Microchip developer Conexant Systems Inc. cleared the final hurdle on its path out of Chapter 11 on Tuesday when a Delaware bankruptcy judge confirmed a reorganization plan that would see the private-equity-owned company emerge significantly deleveraged in fewer than 100 days.
The California-based company's trip through the process was swift, going from petition to confirmation in 96 days, and its last stretch was smooth with no outstanding objections to the plan and unanimous consent from the classes of creditors eligible to vote, Joshua A. Sussberg of Kirkland & Ellis LLP, an attorney for Conexant, said in court Tuesday.
"The debtor is poised to emerge as a viable, substantially deleveraged company," Sussberg said. "They will continue to live up to the tradition they've built over the last 50 plus years."
U.S. Bankruptcy Judge Mary F. Walrath noted how efficient Conexant's Chapter 11 process was when she confirmed the plan and thanked the parties for their efforts.
"I didn't have much to do in this case, which is part of the reason it's been such a success," Judge Walrath said. "I'm happy to confirm this case and see the company emerge healthier financially than it has been in years."
The plan calls for $194 million in debt to be converted into new common stock in the reorganized company and $76 million in nonrecourse unsecured notes issued by a new holding company.
It also incorporates what Conexant's attorneys called a global settlement among the debtor, secured lender QP SFM Capital Holdings Ltd. and the official committee of unsecured creditors.

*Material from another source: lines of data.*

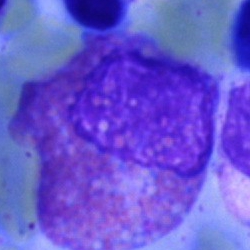Q: What cell is this?
A: This is an eosinophil.
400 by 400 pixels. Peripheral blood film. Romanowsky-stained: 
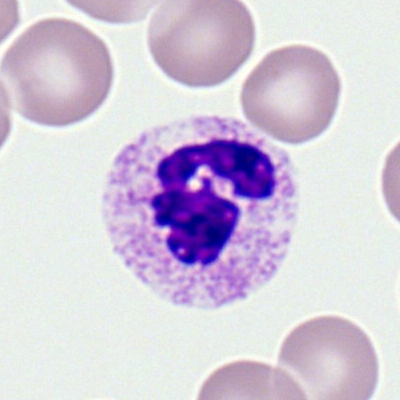

Specimen: peripheral blood smear.
Classification: segmented neutrophil.
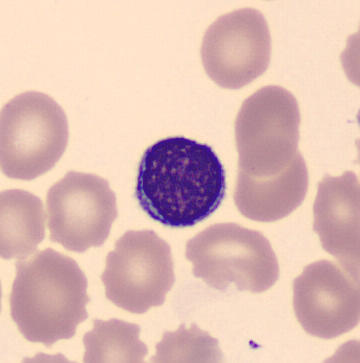Cell = lymphocyte.
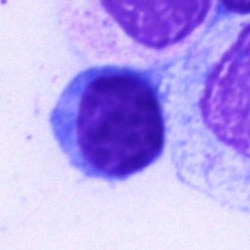
Single cell identified as a lymphocyte.
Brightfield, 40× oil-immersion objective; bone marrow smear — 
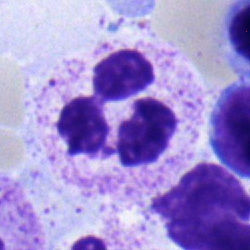
Q: What type of cell is this?
A: This is a polymorphonuclear neutrophil.
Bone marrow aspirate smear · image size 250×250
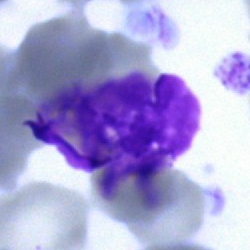Morphology — artefact.
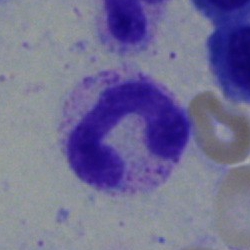

Stab cell.
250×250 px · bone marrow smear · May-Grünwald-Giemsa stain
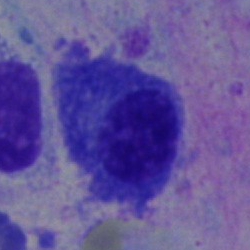

Morphological class: plasmacyte.
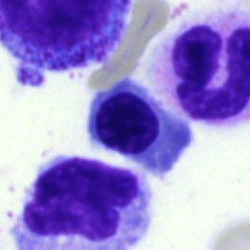
Specimen: bone marrow smear.
Morphological class: nucleated red cell.
Lineage: erythroid.
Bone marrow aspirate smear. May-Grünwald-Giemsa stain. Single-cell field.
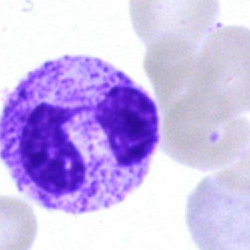Morphological class — neutrophil (segmented).
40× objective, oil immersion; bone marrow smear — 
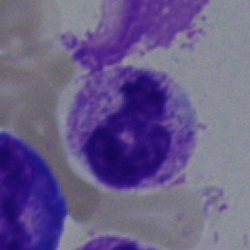 Impression → polymorphonuclear neutrophil.
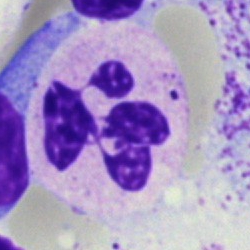
Showing a polymorphonuclear neutrophil.
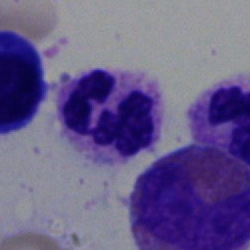
Neutrophil (segmented).
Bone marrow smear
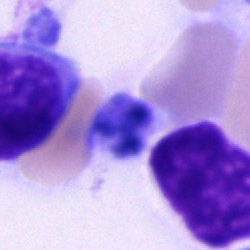

Cell — unidentifiable cell.
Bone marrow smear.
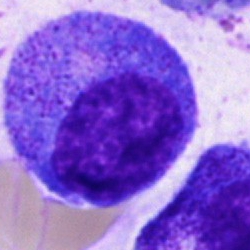{"cell_type": "promyelocyte"}
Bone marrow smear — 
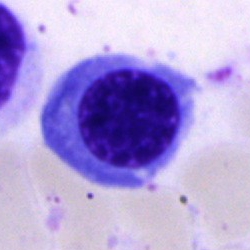
A nucleated red cell.
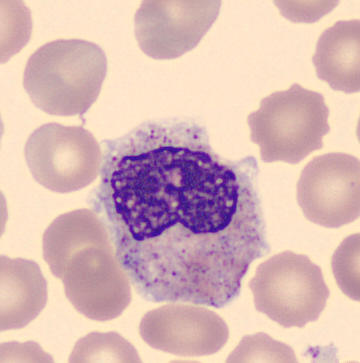

Acquisition: Single cell centered in the field. MGG stain. Peripheral blood film. Morphological class: metamyelocyte.
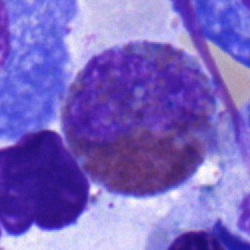

The cell is eosinophil.
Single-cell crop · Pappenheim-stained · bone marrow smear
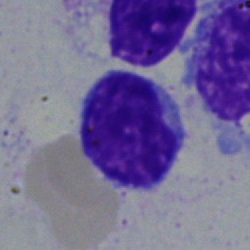

Morphology — lymphocyte.
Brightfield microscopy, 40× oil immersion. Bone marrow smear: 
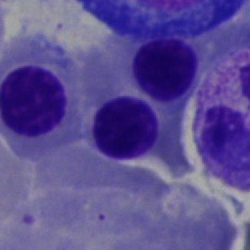
Showing an erythroblast.
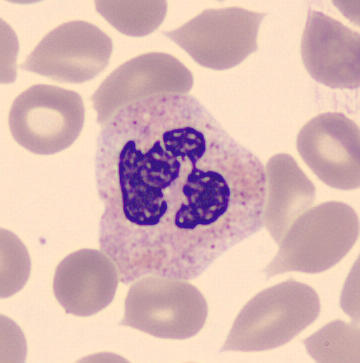

The classification is polymorphonuclear neutrophil.
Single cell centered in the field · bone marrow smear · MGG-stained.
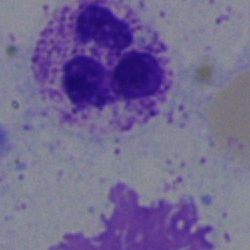

Specimen: bone marrow smear.
Classification: segmented neutrophil.

QP SFM agreed to waive its $114.5 million deficiency claim when the plan goes into effect, and the recovery pool for unsecured creditors increased from $2 million to $2.9 million, according to court records.
The secured creditor will also provide $15 million of working capital for the reorganized company on top of the $15 million it has already doled out as debtor-in-possession financing shortly after Conexant filed for Chapter 11 protection.
Conexant sought court protection on Feb. 28, looking to scale down its debt in an environment where it had been facing declining revenue and decreasing demand.
The chip developer was once the semiconductor division of manufacturing conglomerate Rockwell International until it was spun off in 1999 at the height of the tech boom.
From the start, Conexant was pulling in $1.2 billion in annual revenue and employed 6,300 people, growing even larger after a $2 billion acquisition spree.
The company was forced to downsize after the dot-com bubble burst, and Conexant's revenue figure had shrunk to $166 million by 2011, the same year it was acquired by Golden Gate Capital and August Capital.
The company has since moved from its headquarters in California from Newport Beach to Irvine, and now employs 225 people in research and development worldwide.
Conexant also holds more than 650 patents for its chips and related technology, and has more than 200 patents pending, according to court documents.
Conexant is represented by Paul M. Basta, Joshua A. Sussberg, Christopher T. Greco and Joseph Pack of Kirkland & Ellis LLP and Domenic E. Pacitti, Michael W. Yurkewicz and Morton Branzburg of Klehr Harrison Harvey Branzburg LLP.
The case is In re: Conexant Systems Inc., case number 1:13-bk-10367, in the U.S. Bankruptcy Court for the District of Delaware.